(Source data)
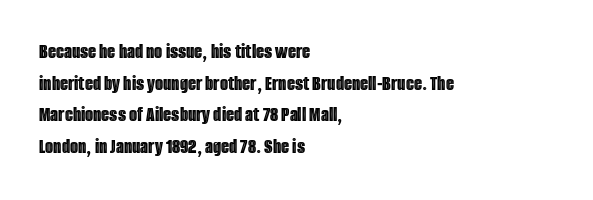
The image shows 21 px text type, upright; set left-aligned, normal line spacing (1.51x), normal letter spacing, not underlined.
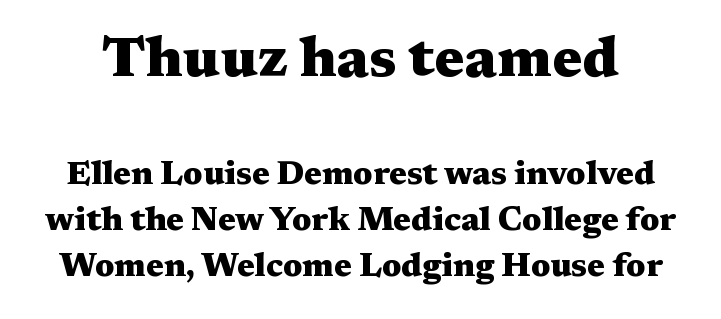
Tracking value appears to be zero — textbook default spacing. This sample uses an upright cut, with every glyph sitting square on the baseline. The rendering shows small feet on the letterforms — a serif design. The strip under each line holds only bare page. Typesetter's note — upper block bumped up in size, lower block left smaller.
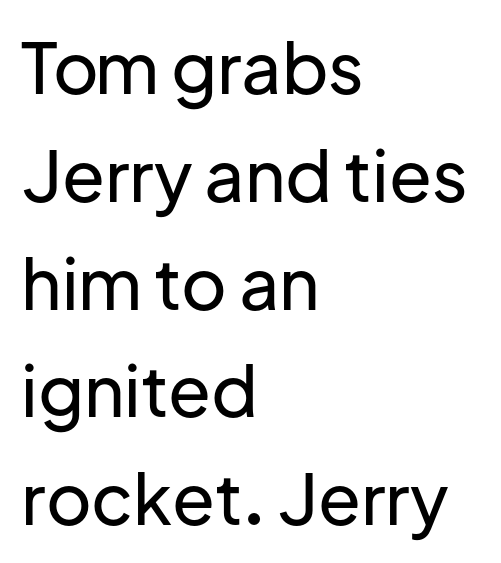
Each line starts at the same left margin while the right side varies. The tracking reads as untouched default to a designer's eye. Think of a printed novel: that variable character pitch is what you see here. Look at the bottom of the vertical strokes: they stop flat, with no serifs. The font's upright variant was chosen for this text.
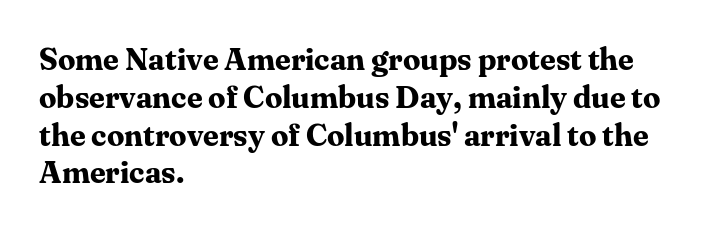
Q: Is the text bold? A: Yes.
Q: Is the text italic (slanted)? A: No, it is upright.
Q: Is the typeface a serif or a sans-serif typeface? A: Serif.
Q: Is the text underlined? A: No.
Q: How is the paragraph aligned? A: Left-aligned.
Q: Is the spacing between letters normal or unusually wide? A: Normal.
Q: Width (condensed, normal, or wide)? A: Normal.
Q: Stroke contrast? A: Medium.
Q: x-height? A: Medium.
Q: Monospaced? A: No.
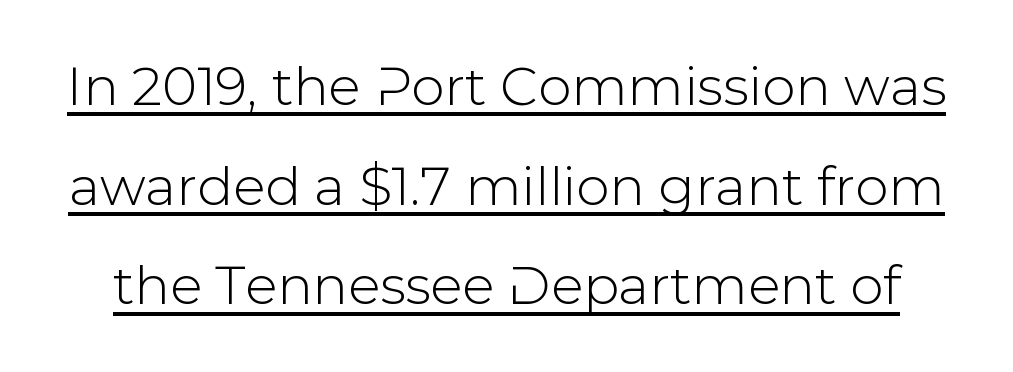
{"serif": "no", "italic": "no", "width": "normal", "stroke_contrast": "low", "x_height": "medium", "monospaced": "no", "underline": "yes", "line_spacing_ratio": 1.88, "letter_spacing": "normal", "letter_spacing_em": 0.0, "glyph_px": 53}
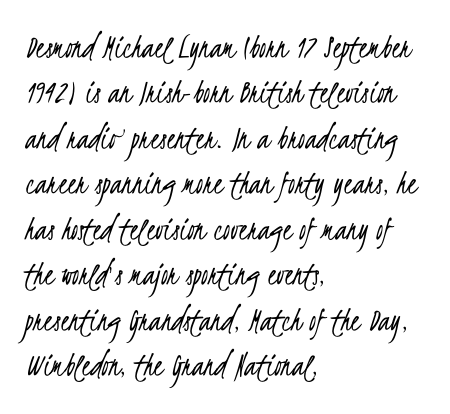
The image shows 35 px light, condensed sans-serif type; set left-aligned, normal line spacing (1.3x), normal letter spacing, not underlined; low stroke contrast and a small x-height.
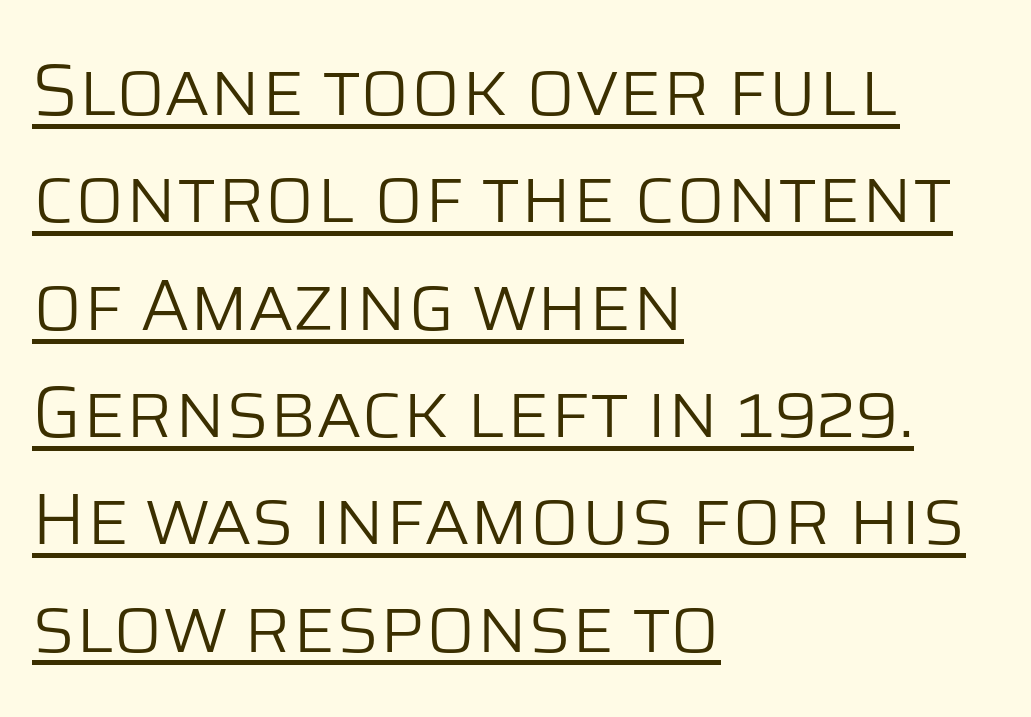
The passage shown is typeset with a sans-serif family. Rendered with straight, roman letterforms. Is the stroke heavy? The answer is a plain regular-or-lighter. The paragraph has a hard left edge and a soft right edge. Do the characters align in a grid? No, the font is proportional. Does extra space separate the letters? No, they use regular spacing.
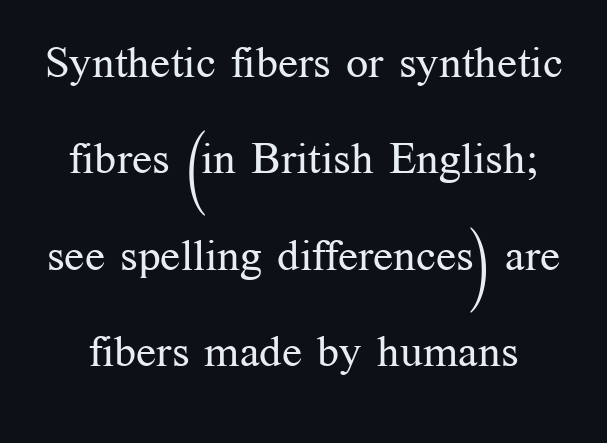
{"serif": "yes", "italic": "no", "bold": "no", "weight": "regular", "width": "normal", "stroke_contrast": "medium", "x_height": "medium", "monospaced": "no", "underline": "no", "line_spacing": "loose", "line_spacing_ratio": 2.19, "letter_spacing": "normal", "letter_spacing_em": 0.0, "glyph_px": 44}
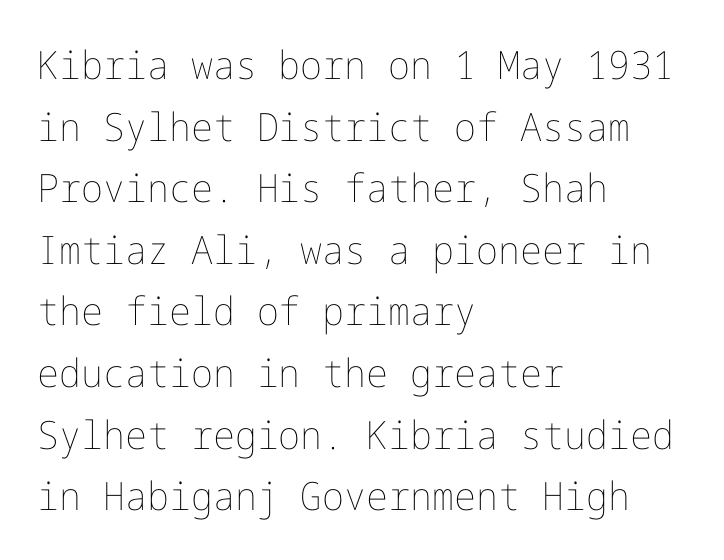
Q: Is the text bold? A: No.
Q: Is the text italic (slanted)? A: No, it is upright.
Q: Is the text underlined? A: No.
Q: How is the paragraph aligned? A: Left-aligned.
Q: Is the spacing between letters normal or unusually wide? A: Normal.
Q: Is the spacing between lines tight, normal or loose? A: Normal.
Q: Width (condensed, normal, or wide)? A: Normal.
Q: Stroke contrast? A: Low.
Q: x-height? A: Medium.
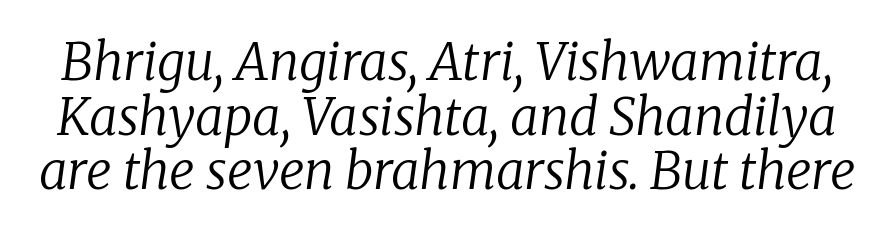
Is the type slanted? Yes — the strokes lean at a clear angle. What's the leading like? Squeezed, with rows nearly overlapping. On a weight scale, this lands at 450 or below. This sample has the flowing, uneven cadence of proportional lettering. Honestly, there is no underline to notice here at all.
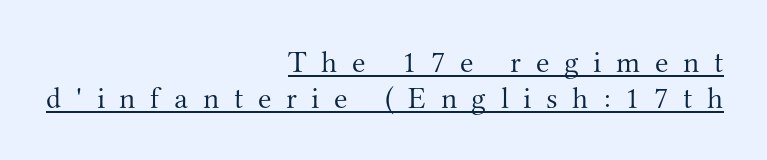
Q: Is the text bold? A: No.
Q: Is the text italic (slanted)? A: No, it is upright.
Q: Is the typeface a serif or a sans-serif typeface? A: Serif.
Q: Is the text underlined? A: Yes.
Q: How is the paragraph aligned? A: Right-aligned.
Q: Is the spacing between letters normal or unusually wide? A: Unusually wide.
Q: Width (condensed, normal, or wide)? A: Normal.
Q: Stroke contrast? A: Medium.
Q: x-height? A: Small.
Q: Monospaced? A: No.
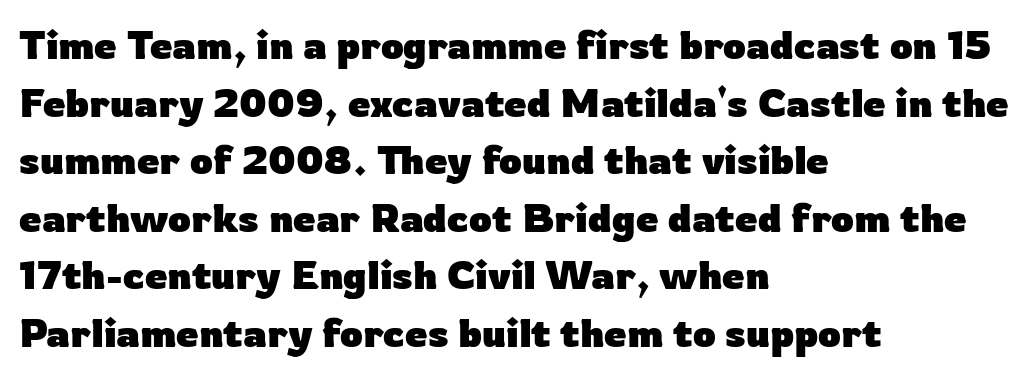
The image shows 40 px heavy sans-serif type, upright; set left-aligned, normal line spacing (1.44x), normal letter spacing, not underlined; low stroke contrast and a medium x-height.
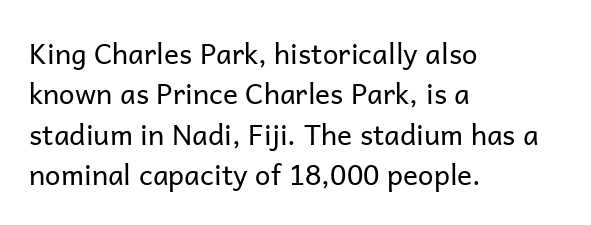
{"serif": "no", "italic": "no", "bold": "no", "weight": "regular", "width": "normal", "stroke_contrast": "low", "x_height": "medium", "monospaced": "no", "underline": "no", "align": "left", "line_spacing": "normal", "line_spacing_ratio": 1.44, "letter_spacing": "normal", "letter_spacing_em": 0.0, "glyph_px": 28}
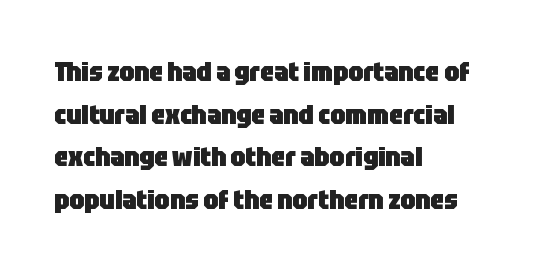
The image shows 27 px bold type, upright; set left-aligned, normal line spacing (1.58x), normal letter spacing, not underlined.
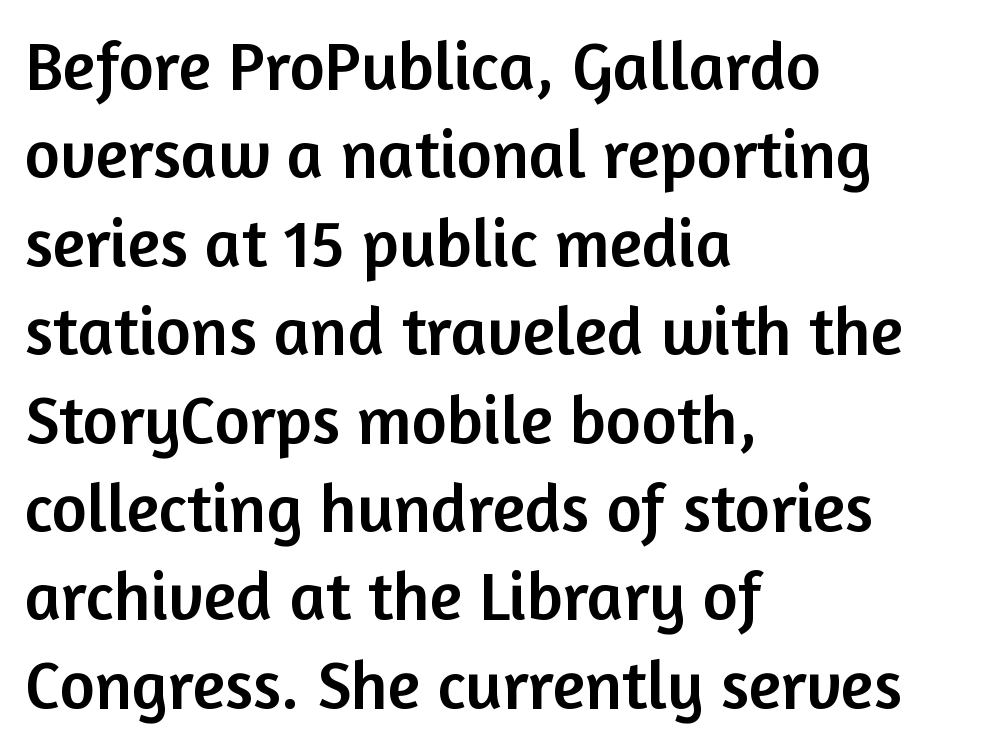
Q: Is the text italic (slanted)? A: No, it is upright.
Q: Is the typeface a serif or a sans-serif typeface? A: Sans-serif.
Q: Is the text underlined? A: No.
Q: How is the paragraph aligned? A: Left-aligned.
Q: Is the spacing between letters normal or unusually wide? A: Normal.
Q: Is the spacing between lines tight, normal or loose? A: Normal.
Q: Width (condensed, normal, or wide)? A: Normal.
Q: Stroke contrast? A: Low.
Q: x-height? A: Medium.
Q: Monospaced? A: No.
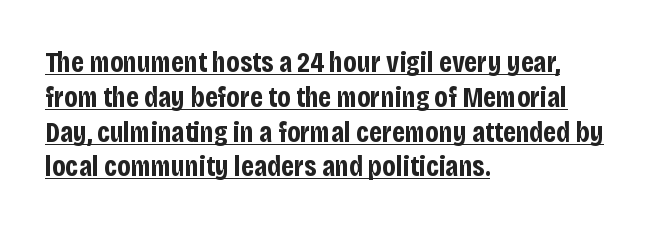
{"serif": "no", "italic": "no", "bold": "yes", "weight": "bold", "width": "condensed", "stroke_contrast": "low", "x_height": "large", "monospaced": "no", "underline": "yes", "align": "left", "line_spacing_ratio": 1.2, "letter_spacing": "normal", "letter_spacing_em": 0.0, "glyph_px": 29}
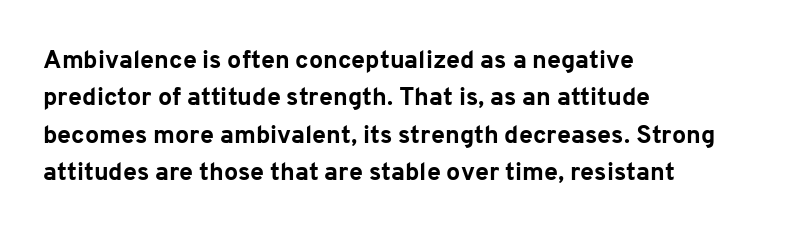
Baseline-to-baseline distance is the conventional proportion of letter height. The typesetter chose a ragged-right arrangement here. The zone under the glyphs is completely vacant. Typesetter's note: full bold, strokes at maximum text heaviness. In terms of posture, this sample is upright. The horizontal fit of the characters is conventional and even.
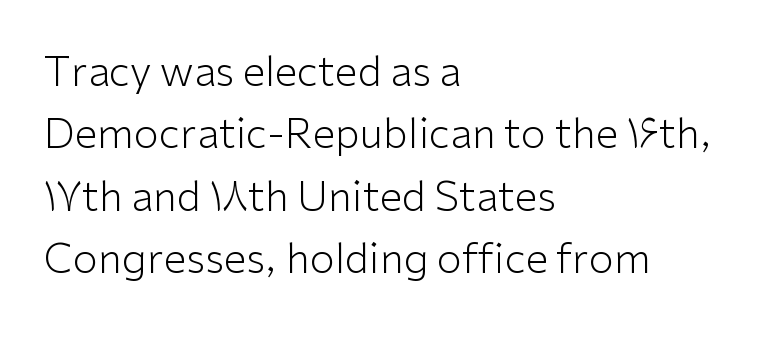
{"serif": "no", "italic": "no", "bold": "no", "weight": "light", "width": "normal", "stroke_contrast": "low", "x_height": "medium", "monospaced": "no", "underline": "no", "align": "left", "line_spacing": "normal", "line_spacing_ratio": 1.52, "letter_spacing": "normal", "letter_spacing_em": 0.0, "glyph_px": 41}
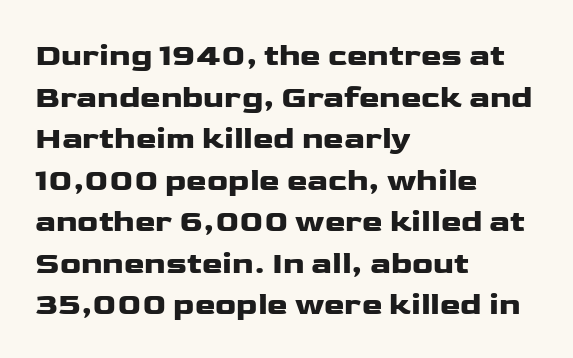
Q: Is the text italic (slanted)? A: No, it is upright.
Q: Is the typeface a serif or a sans-serif typeface? A: Sans-serif.
Q: Is the text underlined? A: No.
Q: How is the paragraph aligned? A: Left-aligned.
Q: Is the spacing between letters normal or unusually wide? A: Normal.
Q: Is the spacing between lines tight, normal or loose? A: Normal.
Q: Width (condensed, normal, or wide)? A: Wide.
Q: Stroke contrast? A: Low.
Q: x-height? A: Medium.
Q: Monospaced? A: No.
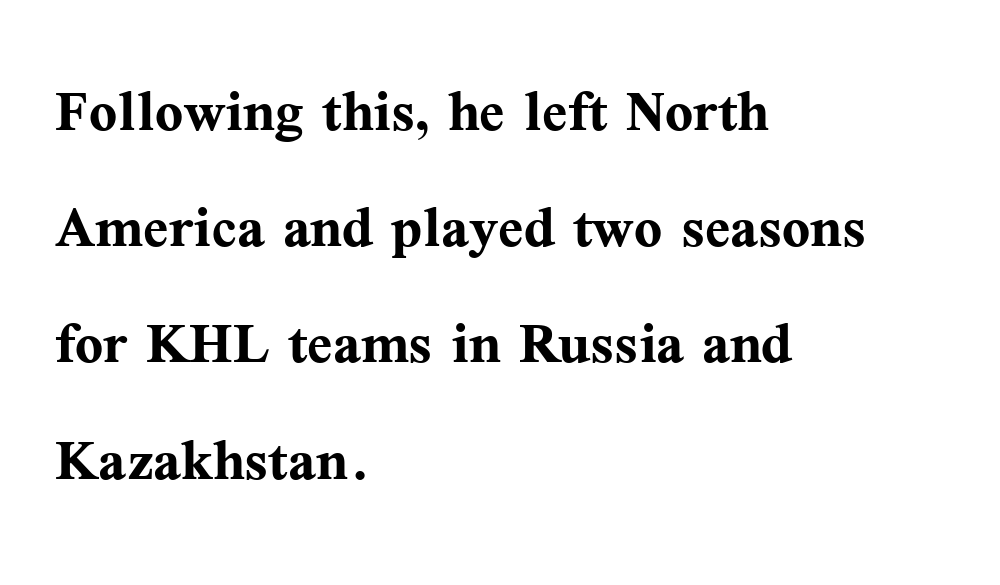
Q: Is the text bold? A: Yes.
Q: Is the text italic (slanted)? A: No, it is upright.
Q: Is the typeface a serif or a sans-serif typeface? A: Serif.
Q: Is the text underlined? A: No.
Q: How is the paragraph aligned? A: Left-aligned.
Q: Is the spacing between letters normal or unusually wide? A: Normal.
Q: Is the spacing between lines tight, normal or loose? A: Normal.
Q: Width (condensed, normal, or wide)? A: Normal.
Q: Stroke contrast? A: Medium.
Q: x-height? A: Medium.
Q: Monospaced? A: No.
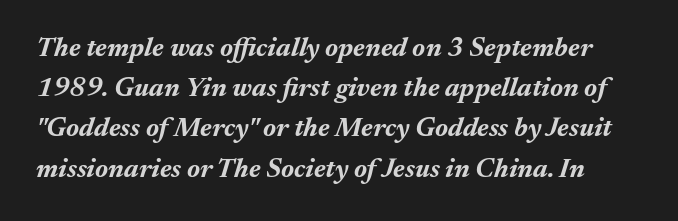
The image shows 27 px bold type, italic (leaning right); set normal line spacing (1.49x), normal letter spacing, not underlined.
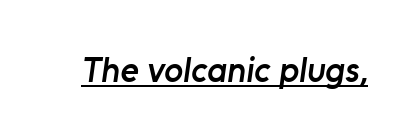
Q: Is the text bold? A: Semi-bold.
Q: Is the typeface a serif or a sans-serif typeface? A: Sans-serif.
Q: Is the text underlined? A: Yes.
Q: Is the spacing between letters normal or unusually wide? A: Normal.
Q: Width (condensed, normal, or wide)? A: Normal.
Q: Stroke contrast? A: Low.
Q: x-height? A: Medium.
Q: Monospaced? A: No.
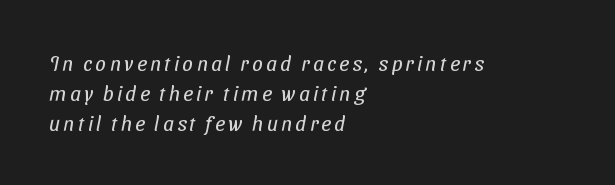
{"bold": "no", "underline": "no", "align": "left", "line_spacing": "normal", "line_spacing_ratio": 1.43, "glyph_px": 21}
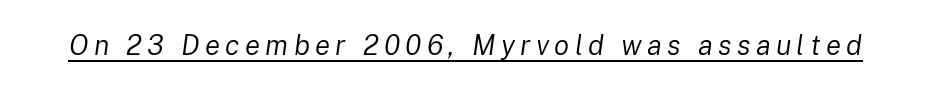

Exercise objective :: Where a line in the records above contains the string "heavy", return that line.

Solution to the problem ::
The passage shown is typeset with a sans-serif family. Rendered with straight, roman letterforms. Is the stroke heavy? The answer is a plain regular-or-lighter. The paragraph has a hard left edge and a soft right edge. Do the characters align in a grid? No, the font is proportional. Does extra space separate the letters? No, they use regular spacing.
The image shows 40 px heavy sans-serif type, upright; set left-aligned, normal line spacing (1.44x), normal letter spacing, not underlined; low stroke contrast and a medium x-height.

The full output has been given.